Learning to drive presents its own problems. If you are a student who is learning to drive during the school year, your work load has been tripled and your social life has become non-existent for a while.

You sit in the a classroom, after having spent seven hours already in school, for up to three hours a day, three days a week for three weeks and a day. You have to get in ten hours of driving time, read the Maine state driver’s Manual, and try to maintain your grades in high school.

If you are an A student in advanced classes without a study hall, you quickly learn the meaning of an all-nighter, how little sleep a human can run on, and where you can get that sleep without falling asleep in class. If you have a study hall, you have less to worry about, of course. If you don’t care about your grades you have no worries, but of course we all know that grades are important right?
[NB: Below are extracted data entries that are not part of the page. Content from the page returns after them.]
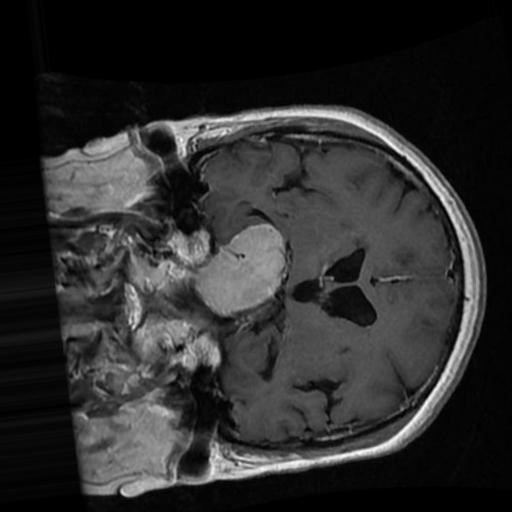
Label: brain_menin
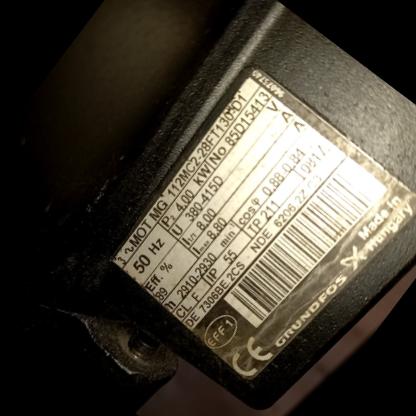
Klasa: tabliczka-znamionowa
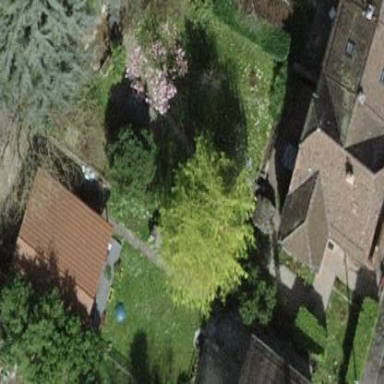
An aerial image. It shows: Garden enclosed by fence.
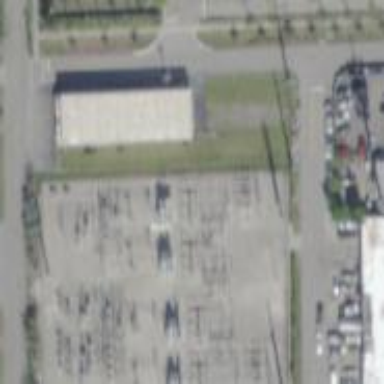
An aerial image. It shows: Outdoor distribution power substation.
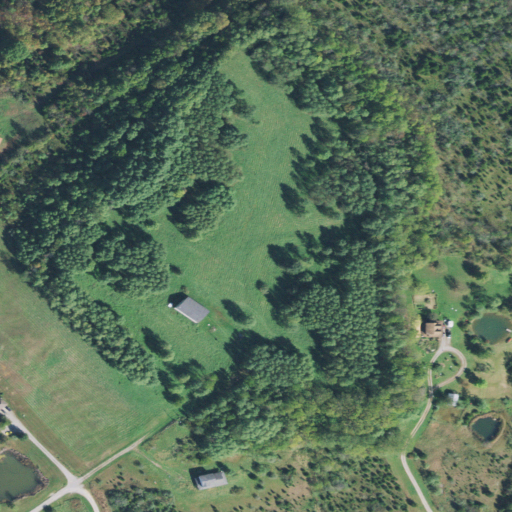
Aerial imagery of mountain in Ohio named Carson Hill containing pasture, deciduous forest, mixed forest, open development, medium intensity development, low intensity development, and cultivated crops
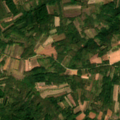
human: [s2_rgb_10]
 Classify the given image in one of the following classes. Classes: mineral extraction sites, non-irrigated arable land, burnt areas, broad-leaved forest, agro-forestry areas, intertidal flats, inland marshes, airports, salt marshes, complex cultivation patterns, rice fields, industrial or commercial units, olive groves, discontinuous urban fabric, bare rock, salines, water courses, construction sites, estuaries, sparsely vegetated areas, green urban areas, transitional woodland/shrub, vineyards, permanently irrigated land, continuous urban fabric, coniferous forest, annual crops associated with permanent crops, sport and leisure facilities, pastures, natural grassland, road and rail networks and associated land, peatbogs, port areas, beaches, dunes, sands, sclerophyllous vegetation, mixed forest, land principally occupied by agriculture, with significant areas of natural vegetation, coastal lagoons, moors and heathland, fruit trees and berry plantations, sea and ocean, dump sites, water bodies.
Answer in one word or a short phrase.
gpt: land principally occupied by agriculture, with significant areas of natural vegetation, broad-leaved forest
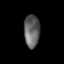
Tissue: lung
Cell type: Others
Senescence score: 0.2002
Nuclear area (px): 505
Mean DAPI intensity: 97.933
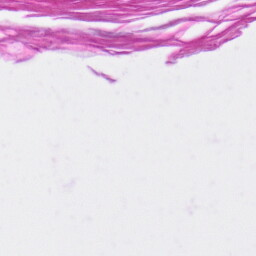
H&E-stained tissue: Skin
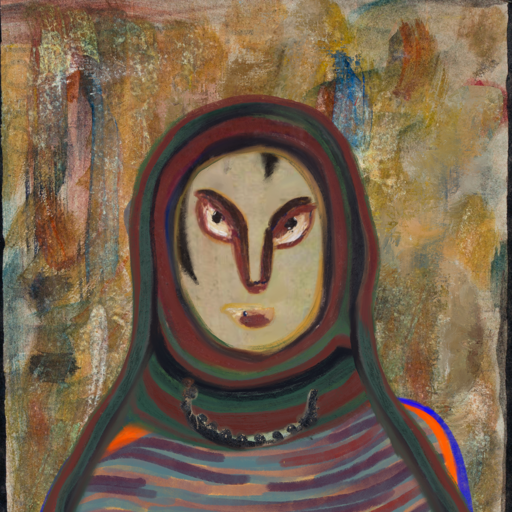
Background: Pipe, Head And Neck Front: Hill_Girl, Face Front: After_Raid, Bust: Experience, Hair Front: Roy_Bahadur, Head Accessory: After_Raid_Scarf, Second Necklace: Blank, Necklace: Childish, Baby: Blank
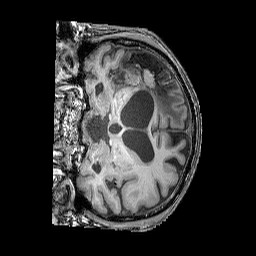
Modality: T1w
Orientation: coronal
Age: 67
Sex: male
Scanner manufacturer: siemens
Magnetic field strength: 3 T
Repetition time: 2.25 s
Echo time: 0.00411 s
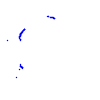
Particle: proton
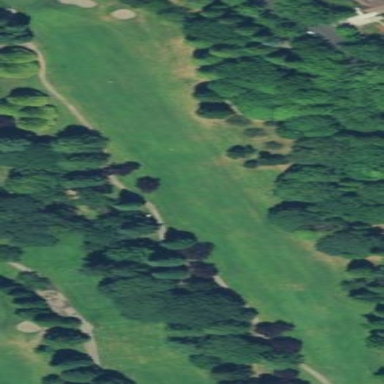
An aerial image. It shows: Scenic golf fairway.
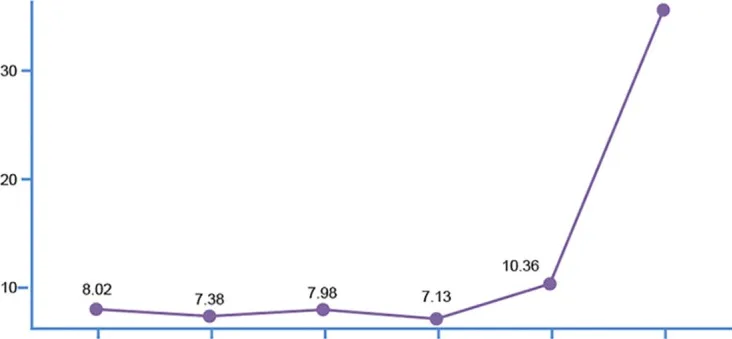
Trends in patient PSA and NSE. NSE.
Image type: chart (chart)

To get your driving time you schedule on weekdays during time when you might be doing that five page essay due at the end of the week or the calculus homework that you don’t understand or any other bothersome homework. You also schedule on the weekends when you try to play catch up and stay ahead of the homework, squeeze in time with your friends and significant others so they don’t feel neglected. Then there is the important time with your family, particularly if family is visiting from away.

Of course all this bother, mess, pulling of hair, and the gray hair in your parents’ hair that wasn’t there before results in that oh so lovely piece of nice white paper that says you can drive with a responsible adult. Hallelujah! No worries, right? Wrong! Six months later you have to pass with no faults-that all important driving test. Before that you have to get in 35 hours of drive time, five of which are in the dark.
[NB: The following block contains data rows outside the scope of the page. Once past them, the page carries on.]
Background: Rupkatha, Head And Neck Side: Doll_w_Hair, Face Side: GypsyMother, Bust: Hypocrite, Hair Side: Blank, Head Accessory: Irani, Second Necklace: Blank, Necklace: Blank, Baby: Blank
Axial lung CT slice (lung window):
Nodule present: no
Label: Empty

After all that you finally have the freedom to drive. You can get where you need to go when you need to get there. You have an important life skill and a big responsibility for yourself, anyone with you, and others on the road.

Here are some tips to handle this stressful time:

1) Wait until the summer if you can. You will have a lot less stress and will be able to concentrate better on learning how to drive.
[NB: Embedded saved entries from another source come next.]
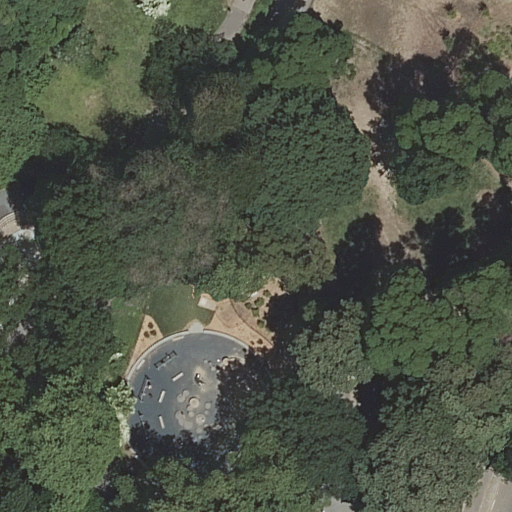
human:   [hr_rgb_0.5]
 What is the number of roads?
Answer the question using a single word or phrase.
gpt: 4

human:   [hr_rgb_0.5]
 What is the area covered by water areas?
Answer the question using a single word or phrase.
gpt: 0m2

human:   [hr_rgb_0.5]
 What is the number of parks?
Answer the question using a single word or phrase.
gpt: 1

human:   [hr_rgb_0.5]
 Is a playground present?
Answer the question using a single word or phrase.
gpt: yes

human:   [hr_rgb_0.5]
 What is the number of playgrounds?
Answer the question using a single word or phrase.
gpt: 2

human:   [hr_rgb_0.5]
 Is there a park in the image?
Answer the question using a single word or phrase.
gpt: yes

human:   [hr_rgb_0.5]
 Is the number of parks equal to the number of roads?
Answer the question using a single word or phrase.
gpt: no

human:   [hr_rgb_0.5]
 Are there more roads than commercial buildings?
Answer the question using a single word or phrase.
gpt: yes

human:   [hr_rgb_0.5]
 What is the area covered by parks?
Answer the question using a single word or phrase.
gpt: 10627m2

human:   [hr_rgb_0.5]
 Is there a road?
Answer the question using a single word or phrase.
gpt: yes

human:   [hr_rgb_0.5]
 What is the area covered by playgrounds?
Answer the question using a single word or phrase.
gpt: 1939m2

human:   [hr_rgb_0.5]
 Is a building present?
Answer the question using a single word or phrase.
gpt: no

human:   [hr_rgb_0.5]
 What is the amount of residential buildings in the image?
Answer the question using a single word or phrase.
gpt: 0

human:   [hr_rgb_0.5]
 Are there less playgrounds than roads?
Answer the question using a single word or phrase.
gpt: yes

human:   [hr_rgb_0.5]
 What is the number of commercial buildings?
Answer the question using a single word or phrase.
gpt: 0

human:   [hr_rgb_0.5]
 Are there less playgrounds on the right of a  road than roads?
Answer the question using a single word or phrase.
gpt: yes

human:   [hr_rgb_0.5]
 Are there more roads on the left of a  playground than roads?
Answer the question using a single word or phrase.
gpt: no

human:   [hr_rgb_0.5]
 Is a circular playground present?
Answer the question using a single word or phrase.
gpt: yes

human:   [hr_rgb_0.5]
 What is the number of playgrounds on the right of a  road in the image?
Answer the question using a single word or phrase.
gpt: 1

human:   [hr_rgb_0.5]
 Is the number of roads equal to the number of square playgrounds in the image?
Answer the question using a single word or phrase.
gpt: no

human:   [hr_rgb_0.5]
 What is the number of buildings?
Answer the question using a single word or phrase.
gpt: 0

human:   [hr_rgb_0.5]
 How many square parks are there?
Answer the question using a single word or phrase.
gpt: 0

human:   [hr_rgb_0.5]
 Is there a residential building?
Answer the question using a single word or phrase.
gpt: no

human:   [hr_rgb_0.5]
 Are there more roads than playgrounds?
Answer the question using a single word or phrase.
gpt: yes

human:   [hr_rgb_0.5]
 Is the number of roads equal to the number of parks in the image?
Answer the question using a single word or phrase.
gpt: no

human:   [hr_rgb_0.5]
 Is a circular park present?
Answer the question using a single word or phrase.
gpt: no

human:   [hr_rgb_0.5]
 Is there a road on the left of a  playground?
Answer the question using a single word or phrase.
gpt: yes

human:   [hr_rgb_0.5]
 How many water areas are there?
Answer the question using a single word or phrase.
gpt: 0

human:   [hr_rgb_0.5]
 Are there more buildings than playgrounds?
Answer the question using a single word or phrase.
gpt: no

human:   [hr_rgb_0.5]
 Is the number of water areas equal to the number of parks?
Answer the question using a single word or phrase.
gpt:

2) Prioritize. Figure out what is the most important, second most important, and so on. What really matters? Do you really need to go see that movie when you have homework and driver’s education the next day?

3) Learn time management. Organize and effectively use your time. Is an effective use of your time surfing the net when your math needs to be done? Figure out times when you can do your homework and set aside that time to do it.

4) Leave yourself plenty of time to do your homework. The more time you have to do it, the less stressful it will be.

5) Set aside time to read the manual. It will help you a lot in class and make sure you read it by the time you have the first test. You will do much better.

6) Practice driving in the car you are taking your driver’s test in before going to take the test. The smaller the car, the better for parallel parking and turns.